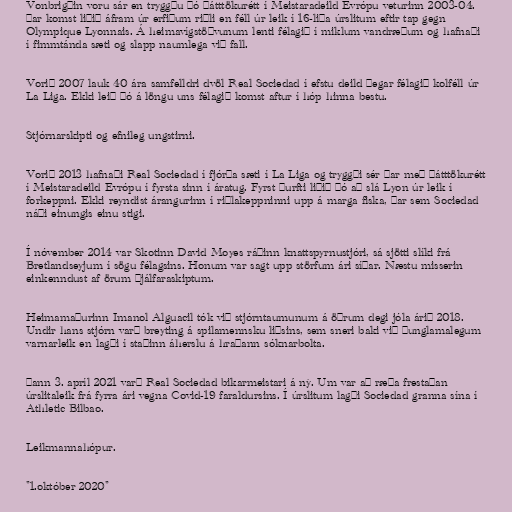
Vonbrigðin voru sár en tryggðu þó þátttökurétt í Meistaradeild Evrópu veturinn 2003-04.
Þar komst liðið áfram úr erfiðum riðli en féll úr leik í 16-liða úrslitum eftir tap gegn
Olympique Lyonnais. Á heimavígstöðvunum lenti félagið í miklum vandræðum og hafnaði
í fimmtánda sæti og slapp naumlega við fall.

Vorið 2007 lauk 40 ára samfelldri dvöl Real Sociedad í efstu deild þegar félagið kolféll úr
La Liga. Ekki leið þó á löngu uns félagið komst aftur í hóp hinna bestu.

Stjórnarskipti og efnileg ungstirni.

Vorið 2013 hafnaði Real Sociedad í fjórða sæti í La Liga og tryggði sér þar með þátttökurétt
í Meistaradeild Evrópu í fyrsta sinn í áratug. Fyrst þurfti liðið þó að slá Lyon úr leik í
forkeppni. Ekki reyndist árangurinn í riðlakeppninni upp á marga fiska, þar sem Sociedad
náði einungis einu stigi.

Í nóvember 2014 var Skotinn David Moyes ráðinn knattspyrnustjóri, sá sjötti slíki frá
Bretlandseyjum í sögu félagsins. Honum var sagt upp störfum ári síðar. Næstu misserin
einkenndust af örum þjálfaraskiptum.

Heimamaðurinn Imanol Alguacil tók við stjórntaumunum á öðrum degi jóla árið 2018.
Undir hans stjórn varð breyting á spilamennsku liðsins, sem sneri baki við þunglamalegum
varnarleik en lagði í staðinn áherslu á hraðann sóknarbolta.

Þann 3. apríl 2021 varð Real Sociedad bikarmeistari á ný. Um var að ræða frestaðan
úrslitaleik frá fyrra ári vegna Covid-19 faraldursins. Í úrslitum lagði Sociedad granna sína í
Athletic Bilbao.

Leikmannahópur.

"1.október 2020"
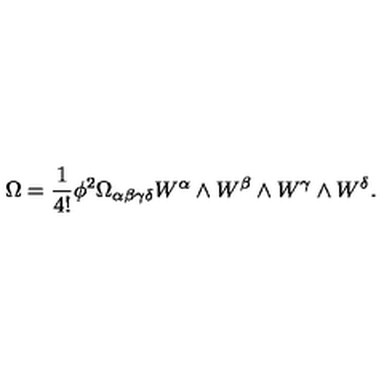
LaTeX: \Omega = \frac { 1 } { 4 ! } \phi ^ { 2 } \Omega _ { \alpha \beta \gamma \delta } W ^ { \alpha } \wedge W ^ { \beta } \wedge W ^ { \gamma } \wedge W ^ { \delta } .
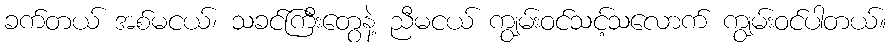
ခက်တယ် အစ်မငယ်၊ သခင်ကြီးတွေနဲ့ ညီမငယ် ကျွမ်းဝင်သင့်သလောက် ကျွမ်းဝင်ပါတယ်။
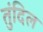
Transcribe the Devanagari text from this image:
तुंदिल
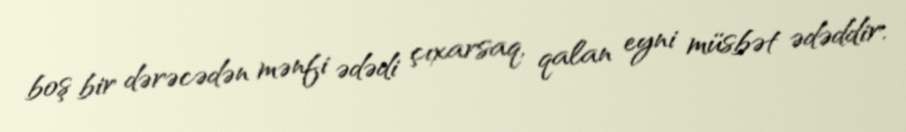
boş bir dərəcədən mənfi ədədi çıxarsaq, qalan eyni müsbət ədəddir.
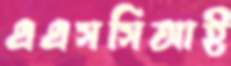
এএসসিআই
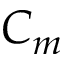
C _ { m }
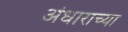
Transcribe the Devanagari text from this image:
अंधाराच्या
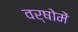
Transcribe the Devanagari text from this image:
वर्षोमें
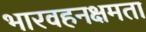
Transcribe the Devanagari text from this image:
भारवहनक्षमता
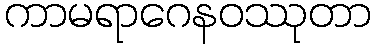
ကာမရာဂေနဝဿုတာ
===
Copy down every line of the entries containing the word "Ekki".

Solution to this exercise
La Liga. Ekki leið þó á löngu uns félagið komst aftur í hóp hinna bestu.
forkeppni. Ekki reyndist árangurinn í riðlakeppninni upp á marga fiska, þar sem Sociedad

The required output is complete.